— Прекратить! — Артур в один миг разметал свалку обезумевших людей. — Самосуд… Не дозволю!
— А-а! — обернулся к нему распаленный Марцис. — Заступник нашелся! Бандита покрываешь?
Бангу качнуло от ярости, но он сдержался.
— Я сказал — самосуда не будет. Лодки горят, а вы здесь…
— Что?! Лодки? — Марцис не владел собой. Страшными были лица и других рыбаков.
Сознание Артура обожгла мысль: если их не сдержать сейчас, Озолсу крышка. А Марцис уже подступал к нему со сжатыми кулаками:
— Лодки пожалел? Или папашу своей зазнобы выгораживаешь?
В это время Озолс зашевелился и сел. В отблеске пламени с залитым кровью лицом, он смотрел на разъяренную толпу глазами беспомощного животного и уже не молил о пощаде. Все было слишком ясно и безысходно. Но, странное дело, эта его затравленная покорность и безучастность к своей судьбе, его жалкий, истерзанный вид не только не вызывали в толпе сочувствия, а, наоборот, будили в людях все новую и жестокую потребность покарать ненавистного человека — к свежей обиде прибавлялись и старые воспоминания. Общий угар так захватил жителей поселка, что даже Зента, единственный свидетель невиновности Озолса, и та пальцем не шевельнула, чтобы внести ясность и спасти соседа.
Марцис рванулся к Озолсу, занес ногу для удара, но Артур с силой оттолкнул рыбака.
— Назад! — он выхватил из кармана браунинг. — Я сказал, самосуда не допущу.
Утром над пожарищем с голодным криком кружили чайки. Может быть, они надеялись среди обгоревших досок чем-нибудь поживиться, а может, просто выражали сочувствие людям, тоже оставшимся без корма. Несколько рыбаков уныло бродили у самой воды, подбирая обломки.
— Да, — подавленно сказал Лаймон. — Послушался бы моего отца, ничего этого не случилось бы.
Артур молчал, больно переживая тяжкую справедливость упрека. А Лаймон продолжал:
— И я хорош. По лесам бегал, как дурак. А того не додумал, что они именно сюда гадить приползут. Теперь ищи в море рыбку. А она может снова приплыть, да не раз. И вы хороши — бросили все без присмотра…
— Кто же мог догадаться? Всю жизнь оставляли лодки на берегу.
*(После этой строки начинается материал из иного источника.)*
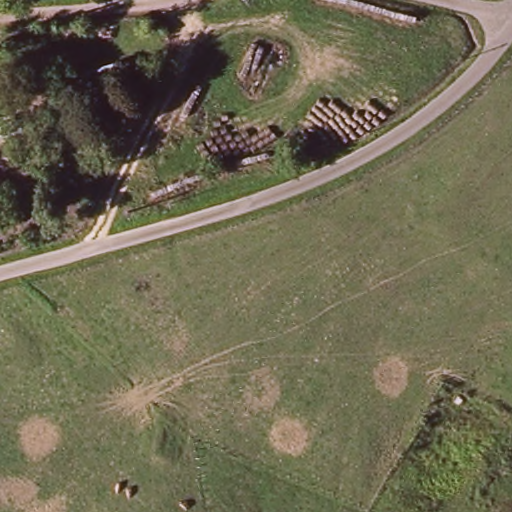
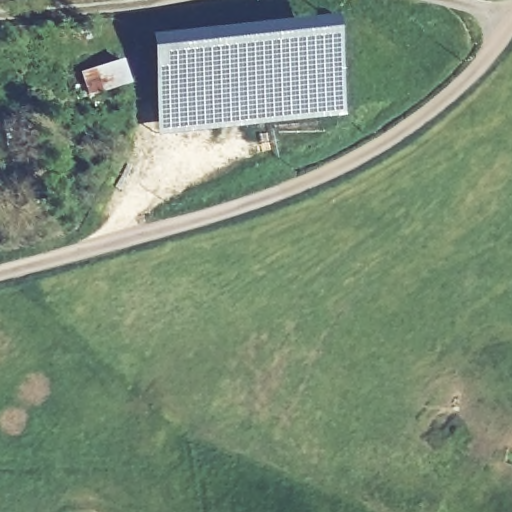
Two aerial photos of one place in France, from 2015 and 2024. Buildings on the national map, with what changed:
new [(337,113),(157,134),(146,32),(327,14),(337,113)]
new [(120,57),(128,81),(88,95),(80,71),(120,57)]

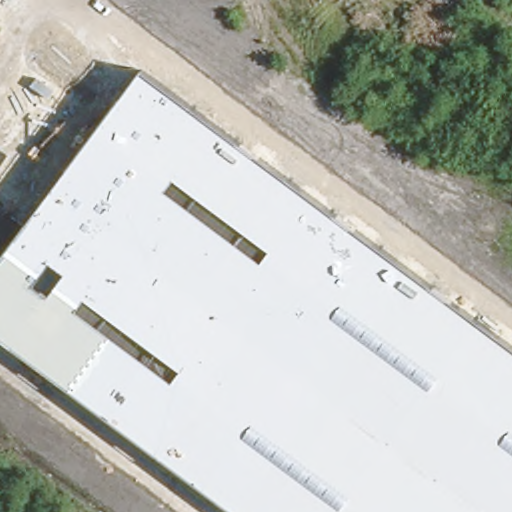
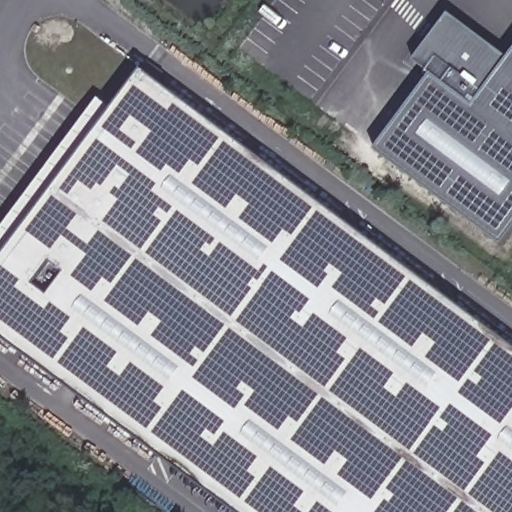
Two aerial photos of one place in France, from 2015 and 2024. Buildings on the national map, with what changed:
new [(500,246),(375,151),(432,74),(413,60),(448,17),(507,59),(512,53),(512,228),(500,246)]
unchanged [(234,512),(0,338),(0,261),(141,73),(512,348),(512,512),(234,512)]

— Да, дорогая получилась наука.
— Чем дороже, тем крепче усвоишь. Ладно, слезами горю не поможешь, Небось отец уже приехал. Пошли.
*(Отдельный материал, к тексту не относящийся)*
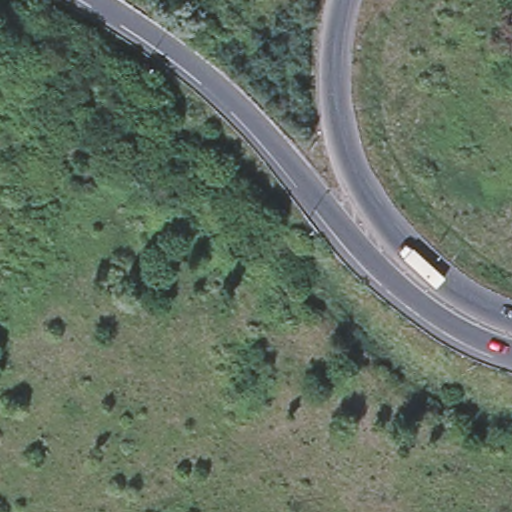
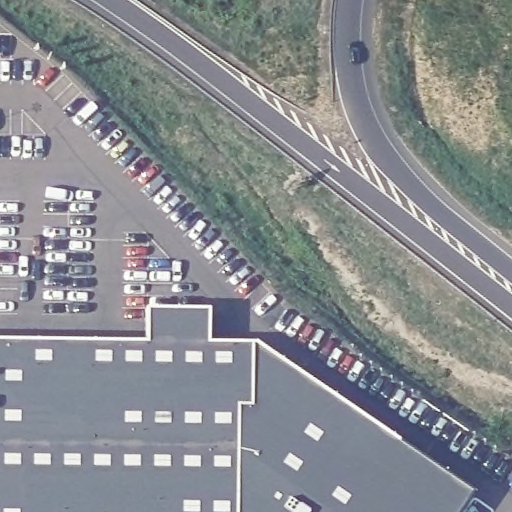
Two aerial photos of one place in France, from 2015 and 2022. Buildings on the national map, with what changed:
new [(145,343),(145,309),(207,311),(207,345),(254,345),(471,493),(459,512),(0,512),(0,342),(145,343)]

Возле бывшего трактира Аболтиньша толпился народ. Сам трактир сейчас выглядел непривычно угрюмо: окна задраены дубовыми ставнями, двери наглухо закрыты. У входа рабочегвардеец с винтовкой. Над толпой повис угрожающий гул голосов:
— Нескладно новую жизнь начинаем.
— А кто виноват? Сами и прохлопали.
— Как же теперь? Ребенку не объяснишь — он жрать просит.